▶ [Data entries]
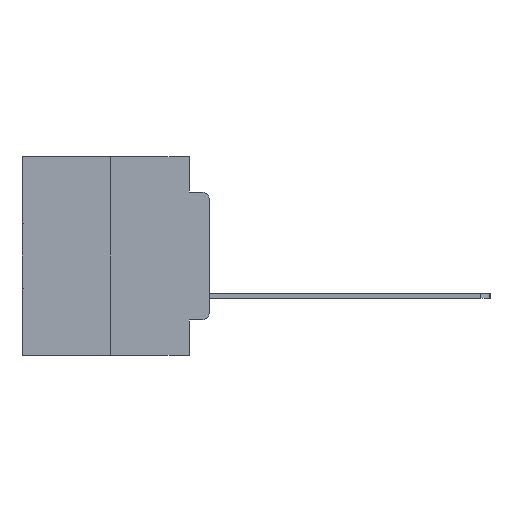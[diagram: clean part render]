
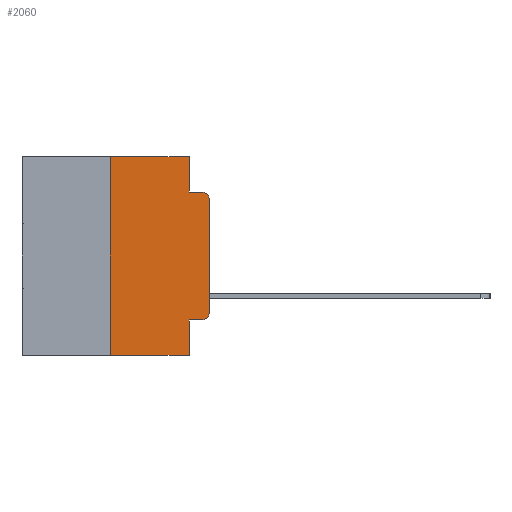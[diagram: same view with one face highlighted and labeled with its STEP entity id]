
A CAD part, left-side view. The second image highlights one B-rep face of the part: STEP entity #2060.
In plain terms, the highlighted planar face has unit normal (-1, 0, 0).
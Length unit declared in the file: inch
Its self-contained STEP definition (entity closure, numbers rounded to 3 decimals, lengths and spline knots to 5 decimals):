
#205 = VECTOR ( 'NONE', #281, 39.37008 ) ;
#281 = DIRECTION ( 'NONE',  ( 0., -1., 0. ) ) ;
#291 = DIRECTION ( 'NONE',  ( 0., -1., 0. ) ) ;
#842 = DIRECTION ( 'NONE',  ( 0., 0., 1. ) ) ;
#1281 = CIRCLE ( 'NONE', #29953, 0.02 ) ;
#1682 = EDGE_CURVE ( 'NONE', #25841, #12835, #7368, .T. ) ;
#2060 = ADVANCED_FACE ( 'NONE', ( #5510 ), #13714, .F. ) ;
#2155 = DIRECTION ( 'NONE',  ( 0., 0., -1. ) ) ;
#2705 = LINE ( 'NONE', #6705, #15457 ) ;
#2828 = DIRECTION ( 'NONE',  ( -1., 0., 0. ) ) ;
#3855 = VECTOR ( 'NONE', #27941, 39.37008 ) ;
#4408 = CARTESIAN_POINT ( 'NONE',  ( 0., 0.473, 0. ) ) ;
#4744 = AXIS2_PLACEMENT_3D ( 'NONE', #4408, #13476, #13427 ) ;
#5192 = EDGE_CURVE ( 'NONE', #27414, #24961, #11866, .T. ) ;
#5495 = CARTESIAN_POINT ( 'NONE',  ( 0., 0.02, -0.0885 ) ) ;
#5510 = FACE_OUTER_BOUND ( 'NONE', #23623, .T. ) ;
#5516 = VECTOR ( 'NONE', #10602, 39.37008 ) ;
#6513 = ORIENTED_EDGE ( 'NONE', *, *, #21188, .F. ) ;
#6705 = CARTESIAN_POINT ( 'NONE',  ( 0., 0.051, 0. ) ) ;
#6936 = CARTESIAN_POINT ( 'NONE',  ( 0., 0.25, 0. ) ) ;
#6966 = DIRECTION ( 'NONE',  ( 0., 0., 1. ) ) ;
#7368 = LINE ( 'NONE', #6936, #12918 ) ;
#7488 = EDGE_CURVE ( 'NONE', #26038, #23796, #15792, .T. ) ;
#7549 = VERTEX_POINT ( 'NONE', #17436 ) ;
#9485 = AXIS2_PLACEMENT_3D ( 'NONE', #17158, #2828, #19477 ) ;
#10165 = EDGE_CURVE ( 'NONE', #12835, #25550, #19546, .T. ) ;
#10580 = CARTESIAN_POINT ( 'NONE',  ( 0., 0., 0. ) ) ;
#10602 = DIRECTION ( 'NONE',  ( 0., -1., 0. ) ) ;
#11866 = LINE ( 'NONE', #24488, #5516 ) ;
#12053 = ORIENTED_EDGE ( 'NONE', *, *, #18694, .T. ) ;
#12670 = CARTESIAN_POINT ( 'NONE',  ( 0., 0.051, -0.0885 ) ) ;
#12835 = VERTEX_POINT ( 'NONE', #27871 ) ;
#12851 = CARTESIAN_POINT ( 'NONE',  ( 0., 0.051, -0.4115 ) ) ;
#12918 = VECTOR ( 'NONE', #6966, 39.37008 ) ;
#13131 = LINE ( 'NONE', #28356, #205 ) ;
#13202 = CARTESIAN_POINT ( 'NONE',  ( 0., 0.473, 0. ) ) ;
#13275 = VECTOR ( 'NONE', #29121, 39.37008 ) ;
#13427 = DIRECTION ( 'NONE',  ( 0., 0., -1. ) ) ;
#13452 = CARTESIAN_POINT ( 'NONE',  ( 0., 0., -0.3915 ) ) ;
#13476 = DIRECTION ( 'NONE',  ( 1., 0., 0. ) ) ;
#13714 = PLANE ( 'NONE',  #4744 ) ;
#13830 = EDGE_CURVE ( 'NONE', #14491, #24961, #1281, .T. ) ;
#14491 = VERTEX_POINT ( 'NONE', #17336 ) ;
#14530 = CARTESIAN_POINT ( 'NONE',  ( 0., 0.25, -0.5 ) ) ;
#15457 = VECTOR ( 'NONE', #23066, 39.37008 ) ;
#15507 = EDGE_CURVE ( 'NONE', #23796, #16131, #22026, .T. ) ;
#15792 = LINE ( 'NONE', #23991, #20919 ) ;
#15854 = CARTESIAN_POINT ( 'NONE',  ( 0., 0.02, -0.4115 ) ) ;
#16131 = VERTEX_POINT ( 'NONE', #13452 ) ;
#16509 = ORIENTED_EDGE ( 'NONE', *, *, #22517, .T. ) ;
#16545 = DIRECTION ( 'NONE',  ( -1., 0., 0. ) ) ;
#16875 = ORIENTED_EDGE ( 'NONE', *, *, #10165, .F. ) ;
#17158 = CARTESIAN_POINT ( 'NONE',  ( 0., 0.02, -0.3915 ) ) ;
#17336 = CARTESIAN_POINT ( 'NONE',  ( 0., 0., -0.1085 ) ) ;
#17436 = CARTESIAN_POINT ( 'NONE',  ( 0., 0.051, -0.5 ) ) ;
#18462 = CARTESIAN_POINT ( 'NONE',  ( 0., 0.051, 0. ) ) ;
#18694 = EDGE_CURVE ( 'NONE', #25841, #7549, #13131, .T. ) ;
#19477 = DIRECTION ( 'NONE',  ( 0., 0., -1. ) ) ;
#19546 = LINE ( 'NONE', #13202, #13275 ) ;
#19768 = ORIENTED_EDGE ( 'NONE', *, *, #21418, .F. ) ;
#20146 = ORIENTED_EDGE ( 'NONE', *, *, #13830, .T. ) ;
#20919 = VECTOR ( 'NONE', #291, 39.37008 ) ;
#21188 = EDGE_CURVE ( 'NONE', #25550, #27414, #2705, .T. ) ;
#21418 = EDGE_CURVE ( 'NONE', #26038, #7549, #29194, .T. ) ;
#22026 = CIRCLE ( 'NONE', #9485, 0.02 ) ;
#22517 = EDGE_CURVE ( 'NONE', #16131, #14491, #23643, .T. ) ;
#23066 = DIRECTION ( 'NONE',  ( 0., 0., -1. ) ) ;
#23339 = ORIENTED_EDGE ( 'NONE', *, *, #15507, .T. ) ;
#23623 = EDGE_LOOP ( 'NONE', ( #16509, #20146, #26756, #6513, #16875, #29482, #12053, #19768, #27104, #23339 ) ) ;
#23643 = LINE ( 'NONE', #10580, #28782 ) ;
#23796 = VERTEX_POINT ( 'NONE', #15854 ) ;
#23991 = CARTESIAN_POINT ( 'NONE',  ( 0., 0.051, -0.4115 ) ) ;
#24488 = CARTESIAN_POINT ( 'NONE',  ( 0., 0.051, -0.0885 ) ) ;
#24961 = VERTEX_POINT ( 'NONE', #5495 ) ;
#25550 = VERTEX_POINT ( 'NONE', #18462 ) ;
#25841 = VERTEX_POINT ( 'NONE', #14530 ) ;
#26038 = VERTEX_POINT ( 'NONE', #12851 ) ;
#26756 = ORIENTED_EDGE ( 'NONE', *, *, #5192, .F. ) ;
#27104 = ORIENTED_EDGE ( 'NONE', *, *, #7488, .T. ) ;
#27414 = VERTEX_POINT ( 'NONE', #12670 ) ;
#27871 = CARTESIAN_POINT ( 'NONE',  ( 0., 0.25, 0. ) ) ;
#27941 = DIRECTION ( 'NONE',  ( 0., 0., -1. ) ) ;
#28038 = CARTESIAN_POINT ( 'NONE',  ( 0., 0.051, 0. ) ) ;
#28356 = CARTESIAN_POINT ( 'NONE',  ( 0., 0.473, -0.5 ) ) ;
#28782 = VECTOR ( 'NONE', #842, 39.37008 ) ;
#29121 = DIRECTION ( 'NONE',  ( 0., -1., 0. ) ) ;
#29194 = LINE ( 'NONE', #28038, #3855 ) ;
#29482 = ORIENTED_EDGE ( 'NONE', *, *, #1682, .F. ) ;
#29953 = AXIS2_PLACEMENT_3D ( 'NONE', #29962, #16545, #2155 ) ;
#29962 = CARTESIAN_POINT ( 'NONE',  ( 0., 0.02, -0.1085 ) ) ;

▶ [WHAT YOU WILL DO] Using the entries above, give again each line from the one containing "#25841 = VERTEX_POINT ( 'NONE', #14530 ) ;" through the last line, exactly and only those.

▶ [SOLUTION TO THE EXERCISE]
#25841 = VERTEX_POINT ( 'NONE', #14530 ) ;
#26038 = VERTEX_POINT ( 'NONE', #12851 ) ;
#26756 = ORIENTED_EDGE ( 'NONE', *, *, #5192, .F. ) ;
#27104 = ORIENTED_EDGE ( 'NONE', *, *, #7488, .T. ) ;
#27414 = VERTEX_POINT ( 'NONE', #12670 ) ;
#27871 = CARTESIAN_POINT ( 'NONE',  ( 0., 0.25, 0. ) ) ;
#27941 = DIRECTION ( 'NONE',  ( 0., 0., -1. ) ) ;
#28038 = CARTESIAN_POINT ( 'NONE',  ( 0., 0.051, 0. ) ) ;
#28356 = CARTESIAN_POINT ( 'NONE',  ( 0., 0.473, -0.5 ) ) ;
#28782 = VECTOR ( 'NONE', #842, 39.37008 ) ;
#29121 = DIRECTION ( 'NONE',  ( 0., -1., 0. ) ) ;
#29194 = LINE ( 'NONE', #28038, #3855 ) ;
#29482 = ORIENTED_EDGE ( 'NONE', *, *, #1682, .F. ) ;
#29953 = AXIS2_PLACEMENT_3D ( 'NONE', #29962, #16545, #2155 ) ;
#29962 = CARTESIAN_POINT ( 'NONE',  ( 0., 0.02, -0.1085 ) ) ;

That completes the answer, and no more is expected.